Guy Cudell (12 February 1917 – 16 May 1999) was a Belgian politician of the Belgian Socialist Party and the French-speaking Socialist Party (PS). He was first voted onto the council in Saint-Josse-ten-Noode in the Brussels Capital Region in 1946 and was mayor from 1953 until his death.

Cudell was born in Woluwe-Saint-Pierre. Following his election to the council, he was put in charge of education, and was an early adopter of mixed-sex education in 1947, and family planning in 1962. He was also a member of the Chamber of Representatives (1954–1977), the Senate of Belgium and was minister for development in the cabinet of prime minister Edmond Leburton from 1973 to 1974.
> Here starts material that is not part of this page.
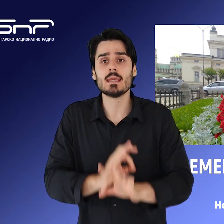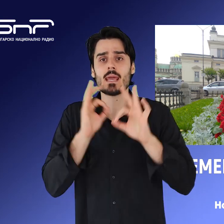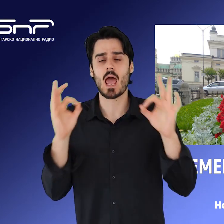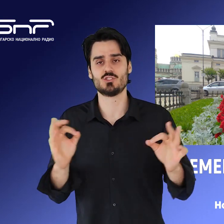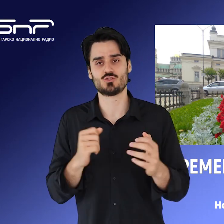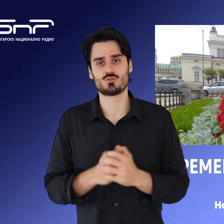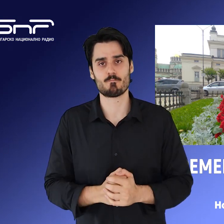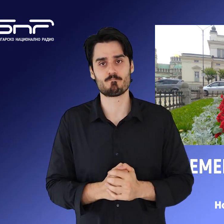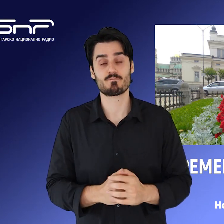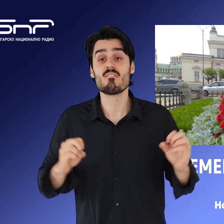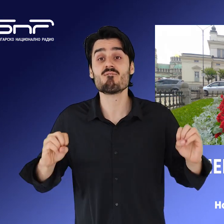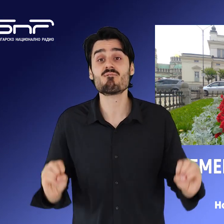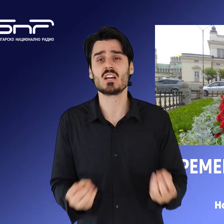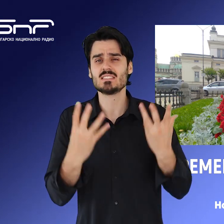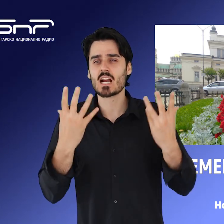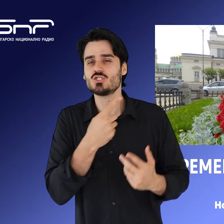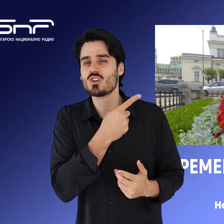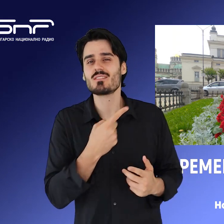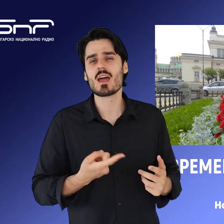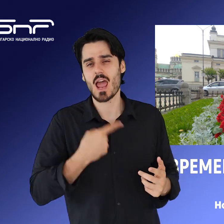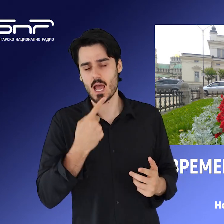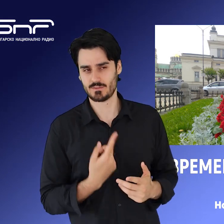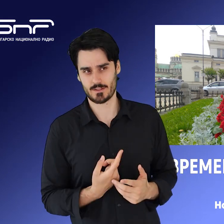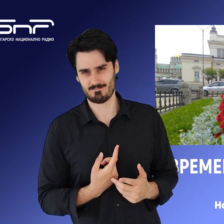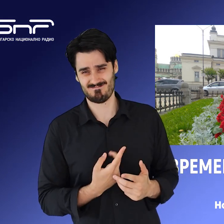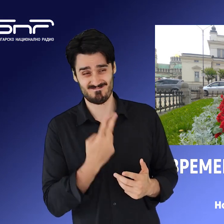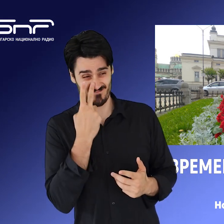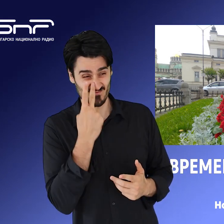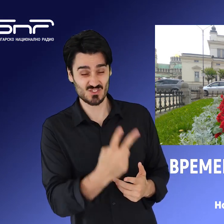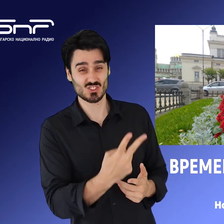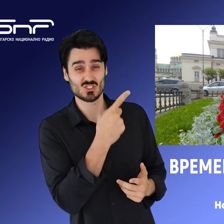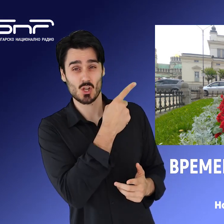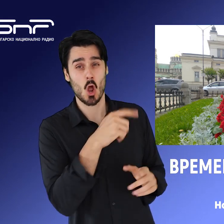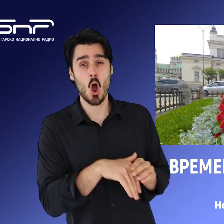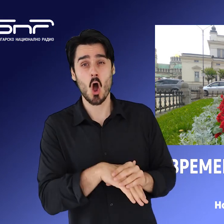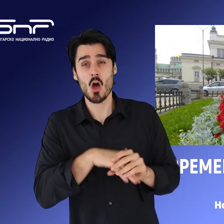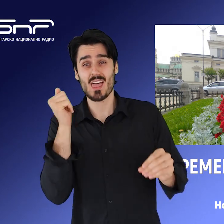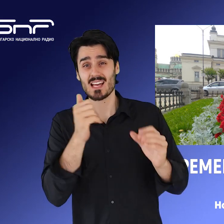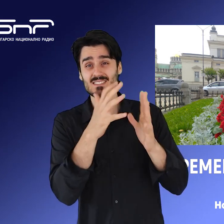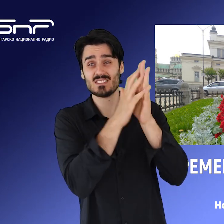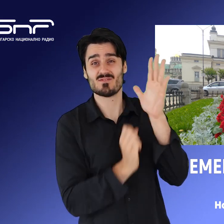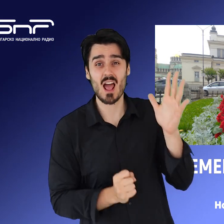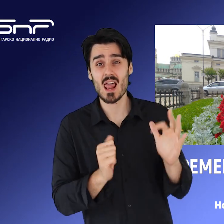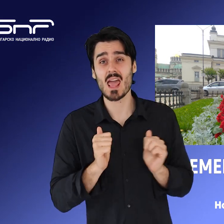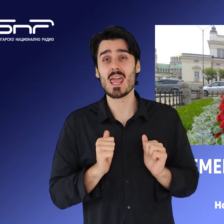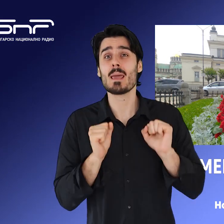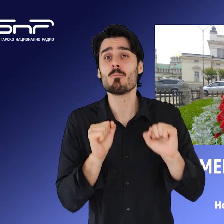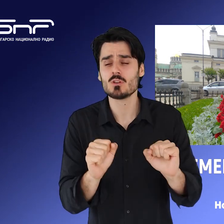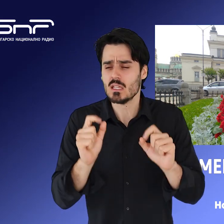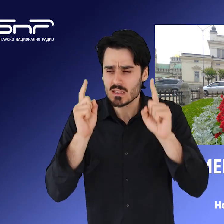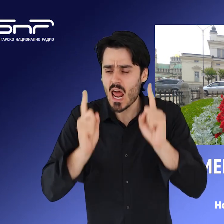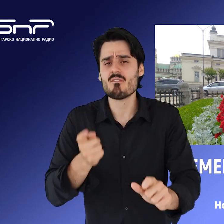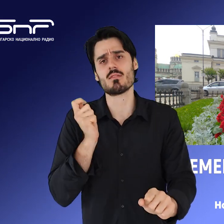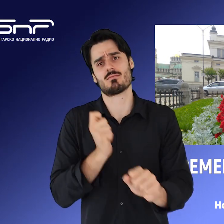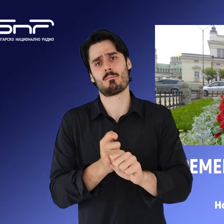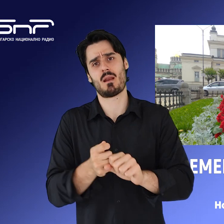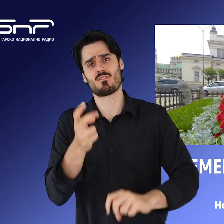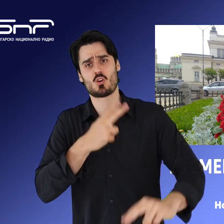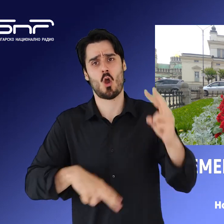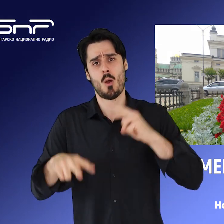За възраждане комисия трябва да има Цон Чуганев. Когато те откажат да свалят имунитет, ако не създадем комисия, те остават имунитет.
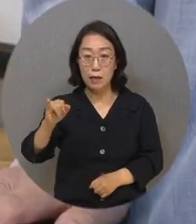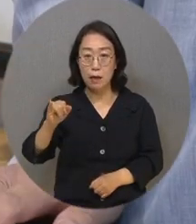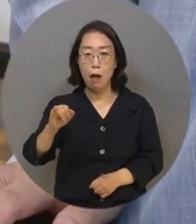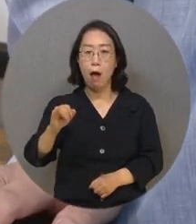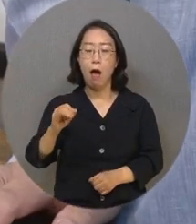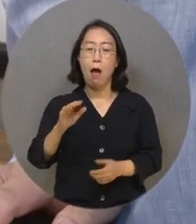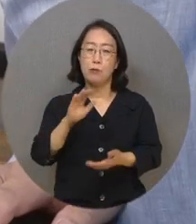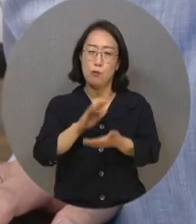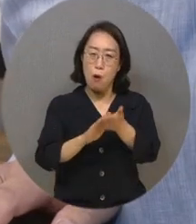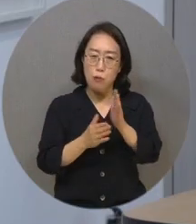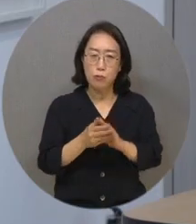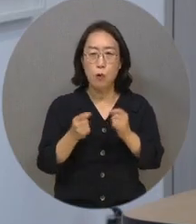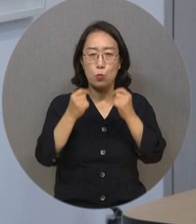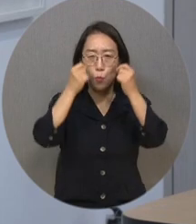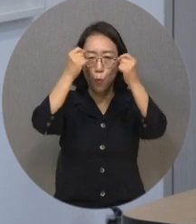있습니다.

On 24 June 1984, Cudell was kidnapped in nearby Ixelles by René Busschot. Busschot kept him captive in Tellin, Luxembourg Province. Cudell was able to break out of his handcuffs and escape the empty house through an open door. An envelope left at the house identified Busschot, who handed himself in on 26 June and was sentenced in 1988 to a suspended sentence of three years. Cudell's account of the events has been doubted by some in Belgium, who allege that he had orchestrated the event.

Cudell was the subject of the fly on the wall documentary Le bourgmestre a dit ("The Mayor Said"), filmed in 1996 by Marie-Hélène Massin.

Cudell died of cancer, aged 82.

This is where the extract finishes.